Eclipsecon Conference 2009 Eclipse

This year’s EclipseCon has drawn to a close, so what happened on the last day, and what were the overall takeaways from this year’s conference?

Keynote

Tim Wagner and Kevin McGuire gave us a memorable delivery of “Darwin amongst the IDEs” as a scripted/acted discussion between two people over a coffee. The context of the presentation was evolution; screenshots of Eclipse 1.0 and comparable Visual Studio products were shown and compared with current versions of the same. Mostly, the UI metaphor for software development hasn’t changed (although the screenshot of the IDE of the future, with an XVGA sized editor surrounded by plentiful window buttons certainly gave the audience a laugh).

The point of the presentation was really one of inertia having set in with the Eclipse UI. Nature long ago tried what worked (and a whole lot of things that didn’t) but as the environment changes, new niches can appear and other ways of achieving existing goals may be met by other ways. One such event occurred when Eclipse JDT was released in 2001 – before then, commercial vendors were selling largely incompatible development tools (Borland’s JBuilder, Symantec’s Visual Café, IBM’s Visual Age). But by moving to a common denominator, the ecosystem for plugins opened up with the result that there’s many more possibilities even though commercial tools upon Eclipse still thrive. In addition, the Eclipse ecosystem space now inhabits places where the original product intention was never meant to tread; remotely editing files, debugging on hardware devices, scheduling time on the NASA Mars rovers etc.
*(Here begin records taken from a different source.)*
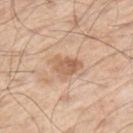The lesion was photographed on a routine skin check and not biopsied; there is no pathology result.
Located on the left upper arm.
A male subject about 70 years old.
The total-body-photography lesion software estimated a footprint of about 6.5 mm², an outline eccentricity of about 0.7 (0 = round, 1 = elongated), and two-axis asymmetry of about 0.35. And it measured a classifier nevus-likeness of about 5/100 and lesion-presence confidence of about 100/100.
This is a white-light tile.
This image is a 15 mm lesion crop taken from a total-body photograph.
Measured at roughly 3.5 mm in maximum diameter.
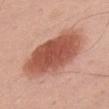Captured under white-light illumination. Automated tile analysis of the lesion measured a footprint of about 35 mm², a shape eccentricity near 0.8, and two-axis asymmetry of about 0.15. The software also gave a mean CIELAB color near L≈54 a*≈26 b*≈30. And it measured a border-irregularity rating of about 2/10, a within-lesion color-variation index near 5/10, and radial color variation of about 1.5. It also reported an automated nevus-likeness rating near 100 out of 100 and lesion-presence confidence of about 100/100. Located on the front of the torso. The patient is a male roughly 55 years of age. This image is a 15 mm lesion crop taken from a total-body photograph. Approximately 8.5 mm at its widest.
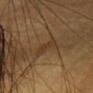  biopsy_status: not biopsied; imaged during a skin examination
  lighting: cross-polarized
  patient:
    sex: female
    age_approx: 40
  automated_metrics:
    area_mm2_approx: 3.0
    eccentricity: 0.9
    shape_asymmetry: 0.35
    cielab_L: 30
    cielab_a: 15
    cielab_b: 28
    vs_skin_darker_L: 5.0
    vs_skin_contrast_norm: 5.5
  site: head or neck
  image:
    source: total-body photography crop
    field_of_view_mm: 15
  lesion_size:
    long_diameter_mm_approx: 3.0

However, even with the exploitation of the ecosystem, we’re still doing development much the same way as in the Visual Café days. Yet the processing systems of the average smartphone probably exceed those of computers at the turn of the millennium; and for the most part, the computer’s CPU goes by idly (as I write this, the computer’s CPU is idling along at 80% whilst I have an Eclipse and XCode in the background). About the only big event in Eclipse is the introduction of Mylyn, which allows for context-based filtering of the current working set to reduce the amount of data shown on the screen. That, too, has resulted in its own mini-ecosystem of connectors to different task tracking systems; and companies like TaskTop extend that same capability to day-to-day office environments like mail and calendaring.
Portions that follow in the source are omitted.